Through examination of the responses received, the server type is clearly Apache, giving me a decent place to begin my examination. After some research into what controls both error type determination for given pages and the setting of cookies on apache servers, I had found the answer which would eventually lead me to my hypothesis – the .htaccess file. Noting only one .htaccess file would be amiss, as my best guess for the problem being experienced above is as follows: two .htaccess files exist – one at the directory of /ntid/, and one at the directory of /alumninews. These two files are both capable of setting cookies and issuing redirects to specific pages for given error types, a quirk however exists in the file implementation such that – if an overriding .htaccess file modifies the URL to be visited – the next queued directives and subsequent .htaccess files downstream of the directory will assess the changed URL instead of the original one.

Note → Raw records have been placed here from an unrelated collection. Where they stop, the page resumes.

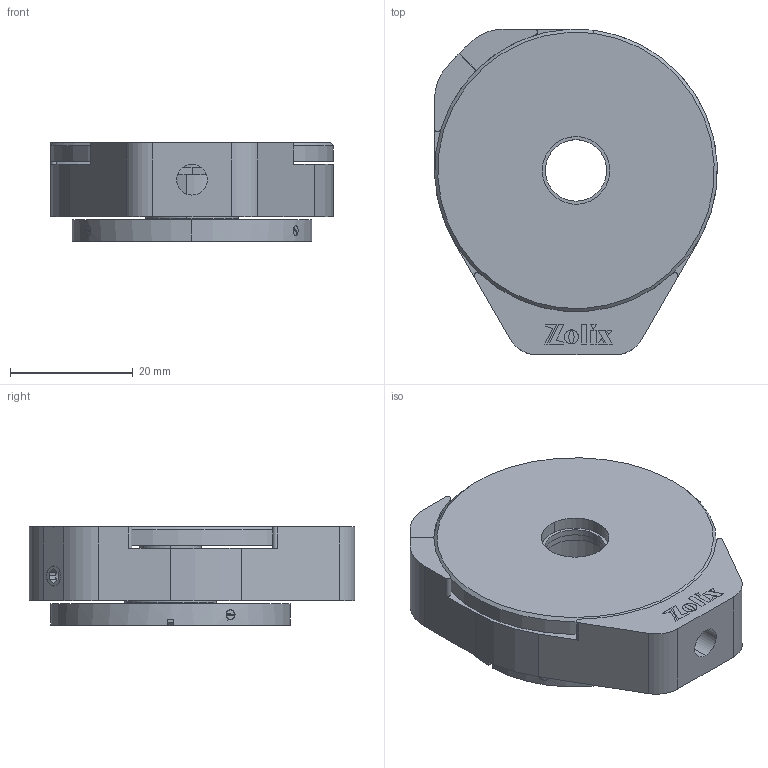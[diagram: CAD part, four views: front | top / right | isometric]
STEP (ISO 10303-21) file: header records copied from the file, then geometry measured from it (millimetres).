
FILE_DESCRIPTION (( 'STEP AP203' ), '1' );
FILE_NAME ('NMPO12.7-R.STEP', '2019-11-19T07:06:34', ( '' ), ( '' ), 'SwSTEP 2.0', 'SolidWorks 2016', '' );
FILE_SCHEMA (( 'CONFIG_CONTROL_DESIGN' ));
Length unit declared in the file: millimetre
Products named in the file (1): NMPO12.7-R
Bounding box: 46 x 53 x 16 mm (x, y, z)
Surface area: 10041.3 mm2 (no closed solid volume)
Topology: 0 solids, 16 shells, 142 faces, 675 edges, 542 vertices
Faces by surface type: plane 81, cylinder 46, cone 15
Entity records: 7100 total; most frequent: CARTESIAN_POINT 1630, DIRECTION 1094, ORIENTED_EDGE 960, EDGE_CURVE 673, VERTEX_POINT 542, VECTOR 474, LINE 474, AXIS2_PLACEMENT_3D 310

This behavior would explain the alternating 301/302 errors experienced by our browser as the root file would redirect one way, and the subdirectory another. To explain the cookie setting behavior and why our final response sets a duplicate cookie, it is not likely that the .htaccess file responsible for setting these values was ever intended to be hit twice (or deferred to by its own sub file), and thus its cookie-write directives don’t contain rewrite clauses or checks for the presence of the previously set cookies. To say this behavior is harmless would be misleading, as the session ID intended to stay within the HTTPS space is persisted to HTTP redirects – opening the potential for session hijacking exploits should an attacker be monitoring network traffic. A simple fix for this would be to add an END condition within the subdirectory’s .htaccess file to prevent the parent .htaccess from reassessing the modified URL. Additionally, it wouldn’t be impossible to remove the subdirectory’s .htaccess file all together and simply pack its contents into the parent’s, alleviating any ambiguity at the cost of a larger single file.
As I was about to submit this blog post, the designer of the site got back to me with in part the following message:
Normally I believe this would throw my initial theory right out the window, however the lack of a .htaccess file in both locations doesn’t particularly mean one doesn’t exist within the WordPress structure itself – simply that it is not visible to the individuals managing the filesystems. The architects of this configuration may have instead used a built-in plugin or other functionality to determine how the website reacts to incoming traffic, reducing the visibility of the configuration in exchange for ease of access.
Regardless of the presence of a file or not, knowing the WordPress sites are to soon be decommissioned and moved to Drupal brings me a level of relief, as this functionality is likely to be addressed as well with the move. I hope this post has been informative, entertaining, and maybe even slightly helpful for any other individuals experiencing similar redirect related issues in their own apache environments.